TASK PROMPT: Once the records have been read, set every one down as it stands.

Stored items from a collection
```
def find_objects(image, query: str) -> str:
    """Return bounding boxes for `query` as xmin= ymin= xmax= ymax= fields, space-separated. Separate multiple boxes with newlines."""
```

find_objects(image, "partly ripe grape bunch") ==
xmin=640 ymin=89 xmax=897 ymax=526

ANSWER:
```
def find_objects(image, query: str) -> str:
    """Return bounding boxes for `query` as xmin= ymin= xmax= ymax= fields, space-separated. Separate multiple boxes with newlines."""
```

find_objects(image, "partly ripe grape bunch") ==
xmin=640 ymin=89 xmax=897 ymax=526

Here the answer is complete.